__WHAT YOU NEED TO DO__: From start to finish, set down the entries below exactly, leaving out the pictures.

(DATA begins)

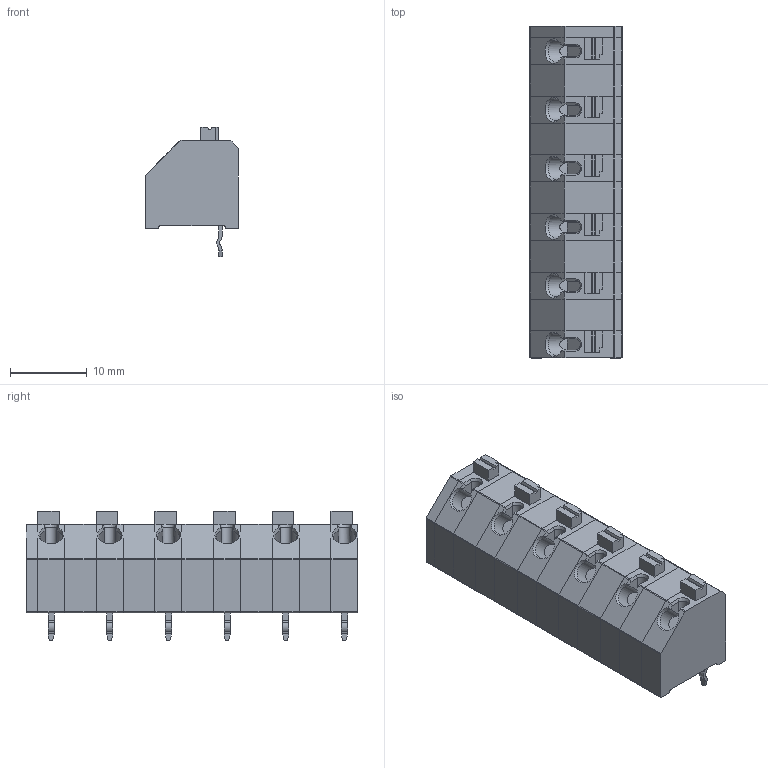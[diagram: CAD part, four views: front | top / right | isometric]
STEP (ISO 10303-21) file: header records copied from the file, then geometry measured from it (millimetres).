
FILE_DESCRIPTION( ( 'Unknown' ), '1' );
FILE_NAME( '691417420006.stp', 'Unknown', ( 'Unknown' ), ( 'Unknown' ), 'PSStep 18.0.17', 'Unknown', ' ' );
FILE_SCHEMA( ( 'AUTOMOTIVE_DESIGN { 1 0 10303 214 1 1 1 1 }' ) );
Length unit declared in the file: millimetre
Products named in the file (13): Assem1; 6914174200xx_SX; 691417420006_x; 691417420006
Assembly tree (12 placements, depth 2):
  Assem1
    6914174200xx_SX
    691417420006_x
    691417420006_x
    691417420006_x
    691417420006_x
    691417420006_x
    691417420006
    691417420006
    691417420006
    691417420006
    691417420006
    691417420006
Bounding box: 12 x 43.1 x 16.8 mm (x, y, z)
Volume: 5229.7 mm3; surface area: 5240.1 mm2
Topology: 12 solids, 12 shells, 737 faces, 2033 edges, 1346 vertices
Faces by surface type: plane 524, cylinder 196, cone 17
Entity records: 29590 total; most frequent: CARTESIAN_POINT 4264, ORIENTED_EDGE 4052, DIRECTION 3994, EDGE_CURVE 2026, LINE 1534, VECTOR 1534, VERTEX_POINT 1344, AXIS2_PLACEMENT_3D 1230
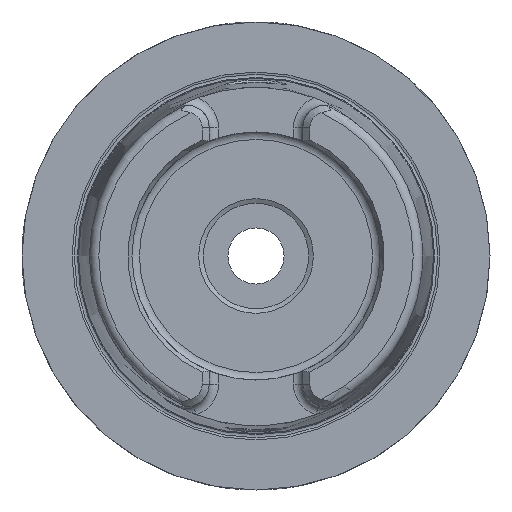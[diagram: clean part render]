
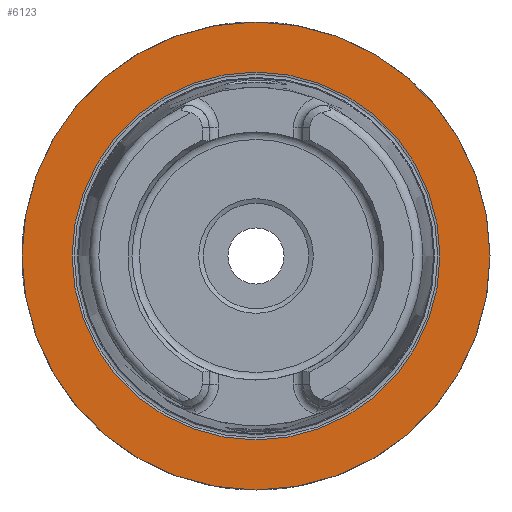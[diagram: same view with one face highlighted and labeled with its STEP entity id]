
A CAD part, left-side view. The second image highlights one B-rep face of the part: STEP entity #6123.
In plain terms, the highlighted planar face has unit normal (-1, 0, 0).
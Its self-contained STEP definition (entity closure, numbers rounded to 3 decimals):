
#2278=CARTESIAN_POINT('',(0.,50.0,0.0));
#2279=VERTEX_POINT('',#2278);
#2280=CARTESIAN_POINT('',(0.0,0.,0.0));
#2281=DIRECTION('',(1.0,0.0,0.0));
#2282=DIRECTION('',(0.0,1.0,0.0));
#2283=AXIS2_PLACEMENT_3D('',#2280,#2281,#2282);
#2284=CIRCLE('',#2283,50.0);
#2285=EDGE_CURVE('',#2279,#2279,#2284,.T.);
#6065=CARTESIAN_POINT('',(0.,39.297,0.0));
#6066=VERTEX_POINT('',#6065);
#6067=CARTESIAN_POINT('',(0.,0.0,0.0));
#6068=DIRECTION('',(1.0,0.0,0.0));
#6069=DIRECTION('',(0.0,1.0,0.0));
#6070=AXIS2_PLACEMENT_3D('',#6067,#6068,#6069);
#6071=CIRCLE('',#6070,39.297);
#6072=EDGE_CURVE('',#6066,#6066,#6071,.T.);
#6112=CARTESIAN_POINT('',(0.,44.004,0.0));
#6113=DIRECTION('',(-1.0,0.0,0.0));
#6114=DIRECTION('',(0.0,0.0,1.0));
#6115=AXIS2_PLACEMENT_3D('',#6112,#6113,#6114);
#6116=PLANE('',#6115);
#6117=ORIENTED_EDGE('',*,*,#2285,.F.);
#6118=EDGE_LOOP('',(#6117));
#6119=FACE_OUTER_BOUND('',#6118,.T.);
#6120=ORIENTED_EDGE('',*,*,#6072,.T.);
#6121=EDGE_LOOP('',(#6120));
#6122=FACE_BOUND('',#6121,.T.);
#6123=ADVANCED_FACE('',(#6119,#6122),#6116,.T.);
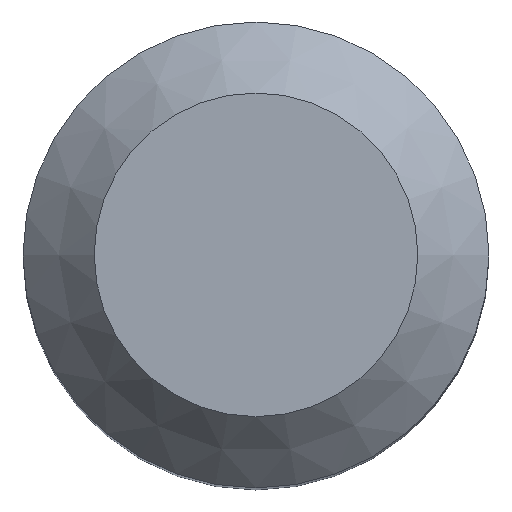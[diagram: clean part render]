
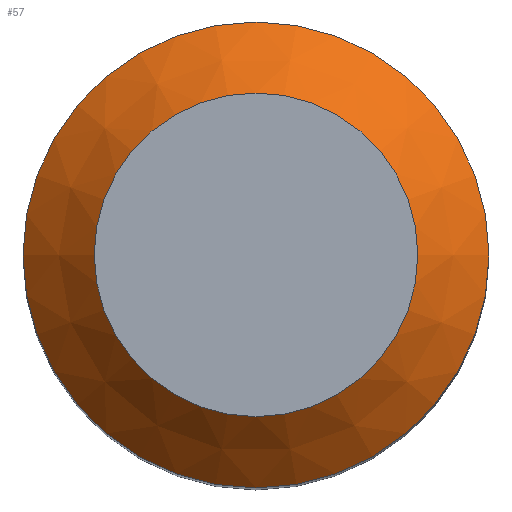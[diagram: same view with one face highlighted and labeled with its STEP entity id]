
A CAD part, top view. The second image highlights one B-rep face of the part: STEP entity #57.
In plain terms, the highlighted conical face has half-angle 45 degrees and reference radius 9 mm.
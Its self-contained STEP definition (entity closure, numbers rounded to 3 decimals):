
#57=ADVANCED_FACE('',(#76,#77),#65,.T.);
#65=CONICAL_SURFACE('',#204,9.,45.);
#76=FACE_BOUND('',#93,.T.);
#77=FACE_BOUND('',#94,.T.);
#93=EDGE_LOOP('',(#111));
#94=EDGE_LOOP('',(#112));
#111=ORIENTED_EDGE('',*,*,#135,.T.);
#112=ORIENTED_EDGE('',*,*,#136,.F.);
#125=VERTEX_POINT('',#295);
#126=VERTEX_POINT('',#298);
#135=EDGE_CURVE('',#125,#125,#144,.T.);
#136=EDGE_CURVE('',#126,#126,#145,.T.);
#144=CIRCLE('',#201,6.25);
#145=CIRCLE('',#203,9.);
#201=AXIS2_PLACEMENT_3D('',#294,#238,#239);
#203=AXIS2_PLACEMENT_3D('',#297,#242,#243);
#204=AXIS2_PLACEMENT_3D('',#299,#244,#245);
#238=DIRECTION('',(0.,0.,-1.));
#239=DIRECTION('',(-1.,0.,0.));
#242=DIRECTION('',(0.,0.,-1.));
#243=DIRECTION('',(-1.,0.,0.));
#244=DIRECTION('',(0.,0.,-1.));
#245=DIRECTION('',(-1.,0.,0.));
#294=CARTESIAN_POINT('',(0.,0.,0.));
#295=CARTESIAN_POINT('',(-6.25,0.,0.));
#297=CARTESIAN_POINT('',(0.,0.,-2.75));
#298=CARTESIAN_POINT('',(-9.,0.,-2.75));
#299=CARTESIAN_POINT('',(0.,0.,-2.75));

(DATA ends)

__EXPECTED ANSWER__:
[diagram: CAD part, four views: front | top / right | isometric]
STEP (ISO 10303-21) file: header records copied from the file, then geometry measured from it (millimetres).
FILE_DESCRIPTION( ( 'Unknown' ), '1' );
FILE_NAME( '691417420006.stp', 'Unknown', ( 'Unknown' ), ( 'Unknown' ), 'PSStep 18.0.17', 'Unknown', ' ' );
FILE_SCHEMA( ( 'AUTOMOTIVE_DESIGN { 1 0 10303 214 1 1 1 1 }' ) );
Length unit declared in the file: millimetre
Products named in the file (13): Assem1; 6914174200xx_SX; 691417420006_x; 691417420006
Assembly tree (12 placements, depth 2):
  Assem1
    6914174200xx_SX
    691417420006_x
    691417420006_x
    691417420006_x
    691417420006_x
    691417420006_x
    691417420006
    691417420006
    691417420006
    691417420006
    691417420006
    691417420006
Bounding box: 12 x 43.1 x 16.8 mm (x, y, z)
Volume: 5229.7 mm3; surface area: 5240.1 mm2
Topology: 12 solids, 12 shells, 737 faces, 2033 edges, 1346 vertices
Faces by surface type: plane 524, cylinder 196, cone 17
Entity records: 29590 total; most frequent: CARTESIAN_POINT 4264, ORIENTED_EDGE 4052, DIRECTION 3994, EDGE_CURVE 2026, LINE 1534, VECTOR 1534, VERTEX_POINT 1344, AXIS2_PLACEMENT_3D 1230
[diagram: clean part render]
[diagram: same view with one face highlighted and labeled with its STEP entity id]
A CAD part, left-side view. The second image highlights one B-rep face of the part: STEP entity #6123.
In plain terms, the highlighted planar face has unit normal (-1, 0, 0).
Its self-contained STEP definition (entity closure, numbers rounded to 3 decimals):
#2278=CARTESIAN_POINT('',(0.,50.0,0.0));
#2279=VERTEX_POINT('',#2278);
#2280=CARTESIAN_POINT('',(0.0,0.,0.0));
#2281=DIRECTION('',(1.0,0.0,0.0));
#2282=DIRECTION('',(0.0,1.0,0.0));
#2283=AXIS2_PLACEMENT_3D('',#2280,#2281,#2282);
#2284=CIRCLE('',#2283,50.0);
#2285=EDGE_CURVE('',#2279,#2279,#2284,.T.);
#6065=CARTESIAN_POINT('',(0.,39.297,0.0));
#6066=VERTEX_POINT('',#6065);
#6067=CARTESIAN_POINT('',(0.,0.0,0.0));
#6068=DIRECTION('',(1.0,0.0,0.0));
#6069=DIRECTION('',(0.0,1.0,0.0));
#6070=AXIS2_PLACEMENT_3D('',#6067,#6068,#6069);
#6071=CIRCLE('',#6070,39.297);
#6072=EDGE_CURVE('',#6066,#6066,#6071,.T.);
#6112=CARTESIAN_POINT('',(0.,44.004,0.0));
#6113=DIRECTION('',(-1.0,0.0,0.0));
#6114=DIRECTION('',(0.0,0.0,1.0));
#6115=AXIS2_PLACEMENT_3D('',#6112,#6113,#6114);
#6116=PLANE('',#6115);
#6117=ORIENTED_EDGE('',*,*,#2285,.F.);
#6118=EDGE_LOOP('',(#6117));
#6119=FACE_OUTER_BOUND('',#6118,.T.);
#6120=ORIENTED_EDGE('',*,*,#6072,.T.);
#6121=EDGE_LOOP('',(#6120));
#6122=FACE_BOUND('',#6121,.T.);
#6123=ADVANCED_FACE('',(#6119,#6122),#6116,.T.);
[diagram: clean part render]
[diagram: same view with one face highlighted and labeled with its STEP entity id]
A CAD part, top view. The second image highlights one B-rep face of the part: STEP entity #57.
In plain terms, the highlighted conical face has half-angle 45 degrees and reference radius 9 mm.
Its self-contained STEP definition (entity closure, numbers rounded to 3 decimals):
#57=ADVANCED_FACE('',(#76,#77),#65,.T.);
#65=CONICAL_SURFACE('',#204,9.,45.);
#76=FACE_BOUND('',#93,.T.);
#77=FACE_BOUND('',#94,.T.);
#93=EDGE_LOOP('',(#111));
#94=EDGE_LOOP('',(#112));
#111=ORIENTED_EDGE('',*,*,#135,.T.);
#112=ORIENTED_EDGE('',*,*,#136,.F.);
#125=VERTEX_POINT('',#295);
#126=VERTEX_POINT('',#298);
#135=EDGE_CURVE('',#125,#125,#144,.T.);
#136=EDGE_CURVE('',#126,#126,#145,.T.);
#144=CIRCLE('',#201,6.25);
#145=CIRCLE('',#203,9.);
#201=AXIS2_PLACEMENT_3D('',#294,#238,#239);
#203=AXIS2_PLACEMENT_3D('',#297,#242,#243);
#204=AXIS2_PLACEMENT_3D('',#299,#244,#245);
#238=DIRECTION('',(0.,0.,-1.));
#239=DIRECTION('',(-1.,0.,0.));
#242=DIRECTION('',(0.,0.,-1.));
#243=DIRECTION('',(-1.,0.,0.));
#244=DIRECTION('',(0.,0.,-1.));
#245=DIRECTION('',(-1.,0.,0.));
#294=CARTESIAN_POINT('',(0.,0.,0.));
#295=CARTESIAN_POINT('',(-6.25,0.,0.));
#297=CARTESIAN_POINT('',(0.,0.,-2.75));
#298=CARTESIAN_POINT('',(-9.,0.,-2.75));
#299=CARTESIAN_POINT('',(0.,0.,-2.75));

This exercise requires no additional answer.